Although the sanctions decided by the United States at the end of June in coordination with the European Union and the United Kingdom are due to come into full effect on 8 December, Lithuania had still been hoping that it could make Alexander Lukashenko see reason. It has called on the Belarusan president to change his foreign policy stance even though his role in the migration crisis at the EU-Belarusan border has now brought even stronger retaliation measures from the Western allies. Belarus is not showing any sign of wanting to calm the situation, however, and the Lithuanian national security department, the VSD, revealed recently that Minsk’s KGB carried out an operation aimed at collecting information on Svetlana Tikhanovskaïa, the Belarusan opposition coordinator who has taken refuge in Vilnius.
In this already tense situation, a new batch of Western sanctions was announced on 2 December, adding to the existing measures that had been aimed among other things at Belarus’s potassium fertiliser exports a large part of which transit through Lithuanian territory and the port of Klaipeda. After having tried to carry out a delicate balancing act, therefore, Vilnius has now had to bow to pressure to enforce the sanctions.
Goodbye potash
Lithuanian head of state Gitanas Nauseda, who has called openly on Minsk to settle the border crisis, has had to accept that he will not be able to find an agreement with the Belarusan president, who is increasingly isolating himself. When he visited Klaipeda on 27 November, Lithuanian transport minister Marius Skuodis, who is concerned about the interruption of the Belarusan potassium fertiliser traffic, made a statement in which he made it clear that Lithuania hoped that the sanctions might be eased but insisted firmly that Minsk must change its position. Having failed to get a favourable response to its pleas, however, Vilnius has given up trying to persuade the authorities in Minsk, leaving its port authorities seriously alarmed about the drop in public and foreign investment that can be expected as a result of the fertiliser traffic.

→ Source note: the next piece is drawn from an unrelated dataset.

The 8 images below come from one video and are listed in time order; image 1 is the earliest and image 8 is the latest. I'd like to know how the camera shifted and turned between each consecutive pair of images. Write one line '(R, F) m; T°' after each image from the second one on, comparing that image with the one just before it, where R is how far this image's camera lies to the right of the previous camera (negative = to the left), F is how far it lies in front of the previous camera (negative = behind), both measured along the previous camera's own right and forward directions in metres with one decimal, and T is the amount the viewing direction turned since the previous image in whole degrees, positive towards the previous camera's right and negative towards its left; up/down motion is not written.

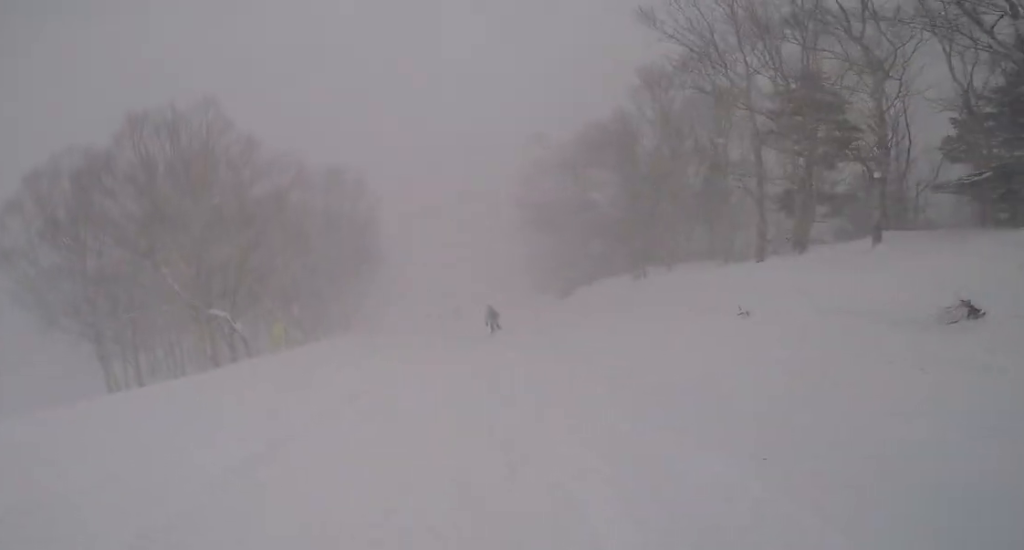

Baltic states raise their defences
After Belarus hardened its position, the Baltic states were obliged to call on their allies in NATO, where secretary generally Jens Stoltenberg has been fulsome in his support for the Baltic states and Poland. In an interview, President Nauseda suggested modifying the alliance’s rapid military action plan in line with the rapidly advancing Union State of Russia and Belarus integration project, for which 28 new agreements were signed on 4 November.
The EU, for its part, has promised to triple to €200m the border management funding it is due to make available next year to Lithuania, Latvia and Poland via EU border agency Frontex, the European Asylum Support Office and Europol. This has not stopped Lithuania from continuing to press its allies for support, however, while continuing to maintain a state of emergency on its border with Belarus.